ParameterDescription
endpointBase URL, e.g. "https://api.openai.com/v1". The path /chat/completions is appended automatically.
modelModel name, e.g. "gpt-4o".
messagesList of chat message dicts (role + content).
api_keyBearer token. Falls back to the OPENAI_API_KEY environment variable.
timeoutSocket timeout in seconds (default 30).
max_retriesMaximum number of retry attempts on 429 / 5xx or network errors. Exponential back-off: min(2**attempt, 8) seconds. Default 3.
extra_bodyAdditional fields merged into the request JSON body (e.g. temperature, stream).

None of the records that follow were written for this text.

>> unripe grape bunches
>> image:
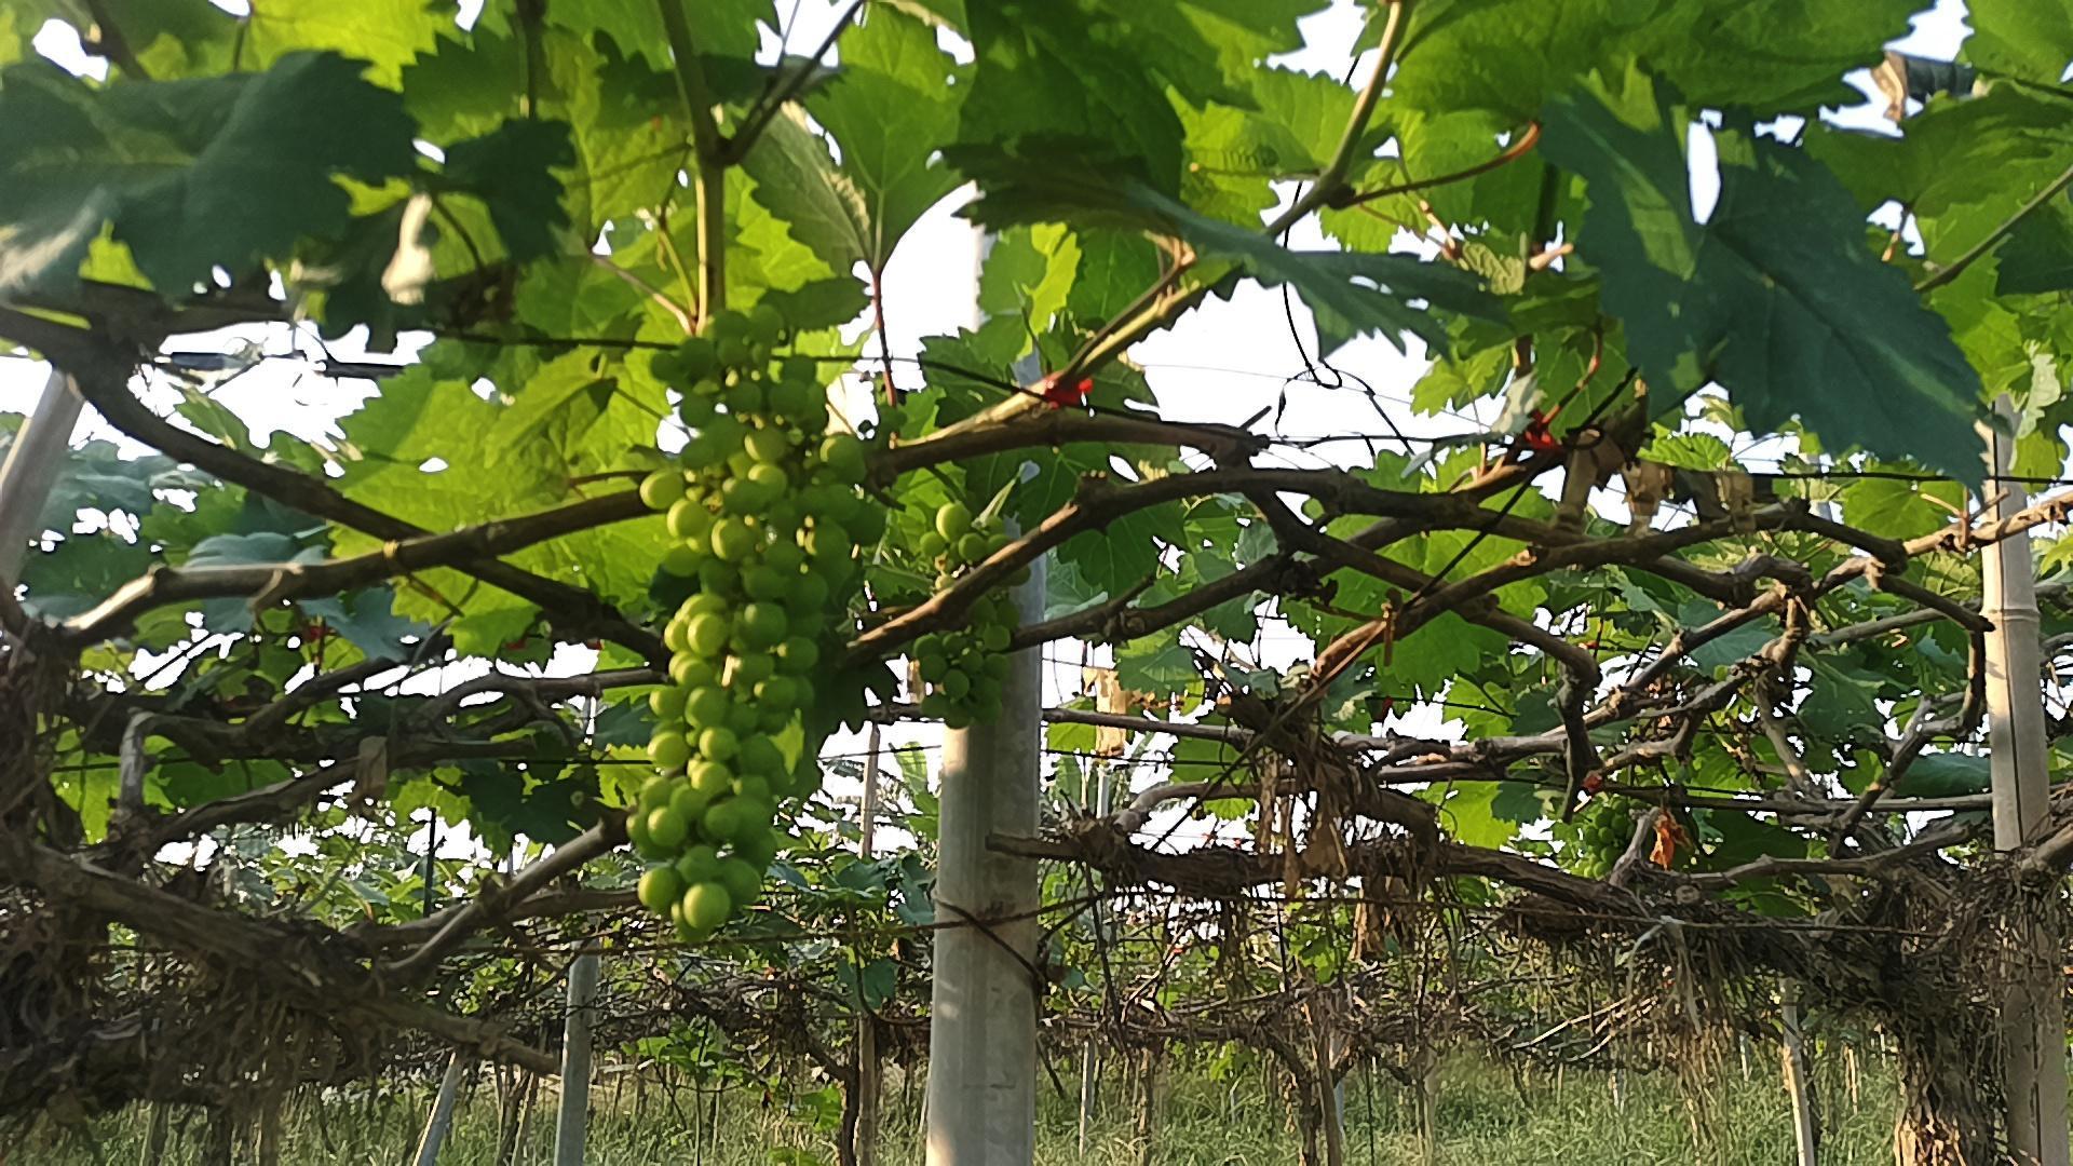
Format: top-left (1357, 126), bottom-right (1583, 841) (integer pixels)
top-left (912, 503), bottom-right (1030, 728)
top-left (626, 304), bottom-right (884, 941)
top-left (1573, 801), bottom-right (1636, 878)

Returns: ChatCompletionResponse


ChatCompletionResponse

@dataclass(frozen=True)
class ChatCompletionResponse:
    text: str
    latency_ms: float
    error: str | None = None
    prompt_tokens: int = 0
    completion_tokens: int = 0
    total_tokens: int = 0
FieldDescription
textThe generated text from the first choice, or "" on error.
latency_msWall-clock round-trip time in milliseconds.
errorError description string, or None on success.
prompt_tokensTokens used in the prompt (from the usage field).
completion_tokensTokens generated in the completion.
total_tokensprompt_tokens + completion_tokens.
ok (property)True when error is None.

Retry behaviour

Retries are performed on:

  • HTTP status codes 429, 500, 502, 503, 504
  • urllib.error.URLError (network-level failures)
  • OSError (connection refused, timeouts)

Back-off delay: min(2**attempt, 8) seconds (max 8 s). Non-retryable status codes (e.g. 400, 401, 404) are returned immediately as an error response.


Environment variables

VariableEffect
OPENAI_API_KEYDefault API key when api_key is not supplied.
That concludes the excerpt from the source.